9. kiss day01/14/2017 12:42:05 AM
Homepage: http://

[URL=]kiss day images[/URL]
[URL=]kiss day images 2017[/URL]
[URL=]kiss day quotes 2017[/URL]
[URL=]kiss day sms 2017[/URL]
[URL=]kiss day pictures 2017[/URL]

10. kiss day01/14/2017 12:45:49 AM
Homepage: http://

<a href=""></a>
<a href="">kiss day images 2017</a>
<a href="">kiss day images</a>
<a href="">kiss day 2017</a>
<a href="">kiss day quotes 2017</a>
<a href="">kiss day sms 2017</a>
<a href="">kiss day pictures 2017</a>

11. kiss day01/14/2017 12:47:14 AM
Homepage: http://

12. Ranbirkapoor01/25/2017 01:48:10 AM

Pretty nice information. it has a better understanding. thanks for spending time on it.

13. nike air max03/14/2017 05:16:29 AM

kate spade handbags
coach factory outlet
Coach Outlet Store Online
Michael Kors Outlet
polo outlet
Polo Ralph Lauren Outlet Store
yeezy boost 350
Red Bottom Shoes
adidas nmd
Christian Louboutin Outlet
true religion outlet
true religion jeans outlet
Pandora Jewelry
Ferragamo Shoes
North Face Jackets
Polo Ralph Lauren Outlet
kate spade outlet
Ray Ban Sunglasses
Coach Outlet Store Online
Coach Factory Outlet Online
Coach Outlet Online
Coach Outlet
Michael Kor Factory Outlet
Michael Kors Outlet Online
Michael Kors Outlet
Michael Kors Factory Outlet Online
michael kors outlet
Coach Outlet Clearance
Michael Kors Online
Coach Outlet online
Michael Kors Outlet Online
nike shoes
nike outlet
cheap Jordan
retro jordan shoes
tory burch outlet
tory burch sale
oakley outlet online
cheap oakley sungalsses
ray ban outlet online
ray ban sunglasses outlet
coach outlet
the north face outlet
Michael Kors Bags
Coach Factory Outlet
north face jackets
Coach Outlet

14. yaoxuemei11/29/2017 12:52:57 AM

15. chenlixiang12/08/2017 05:46:11 AM

Enter Comments^

Email addresses provided are not made available on this site.

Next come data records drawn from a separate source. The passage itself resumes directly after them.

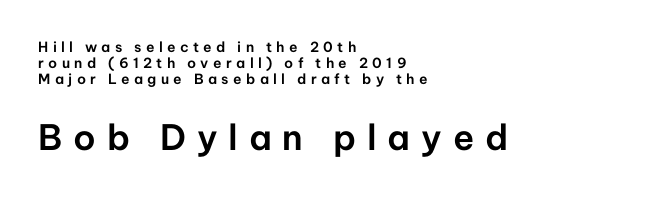
Q: Is the text italic (slanted)? A: No, it is upright.
Q: Is the typeface a serif or a sans-serif typeface? A: Sans-serif.
Q: Is the text underlined? A: No.
Q: How is the paragraph aligned? A: Left-aligned.
Q: Is the spacing between letters normal or unusually wide? A: Unusually wide.
Q: Which block of text is set in a larger size, the first (top) or the second (bottom)? A: The second (bottom) one.
Q: Width (condensed, normal, or wide)? A: Normal.
Q: Stroke contrast? A: Low.
Q: x-height? A: Medium.
Q: Monospaced? A: No.
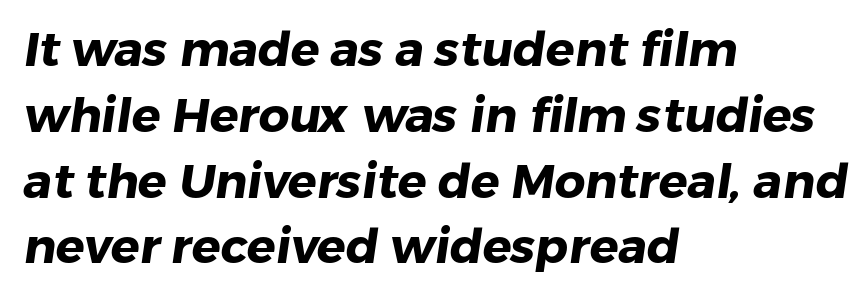
Q: Is the text bold? A: Yes.
Q: Is the typeface a serif or a sans-serif typeface? A: Sans-serif.
Q: Is the text underlined? A: No.
Q: How is the paragraph aligned? A: Left-aligned.
Q: Is the spacing between letters normal or unusually wide? A: Normal.
Q: Is the spacing between lines tight, normal or loose? A: Normal.
Q: Width (condensed, normal, or wide)? A: Normal.
Q: Stroke contrast? A: Low.
Q: x-height? A: Medium.
Q: Monospaced? A: No.

You can use UUB Code in your posts.

[b]bold[/b]  [i]italic[/i]  [u]underline[/u]  [s]strikethrough[/s]

URL's will be automatically converted to Links

:-x :cry: :laugh: :-( :cool: :huh: :-) :angry: :-D ;-) :-p :grin: :rolleyes: :-\ :emb: :lips: :-o
bold italic underline Strikethrough

Remember me    

Monthly Archive
Responses Elsewhere

About The Schwartz


All opinions expressed here are my own, and do not represent positions of my employer.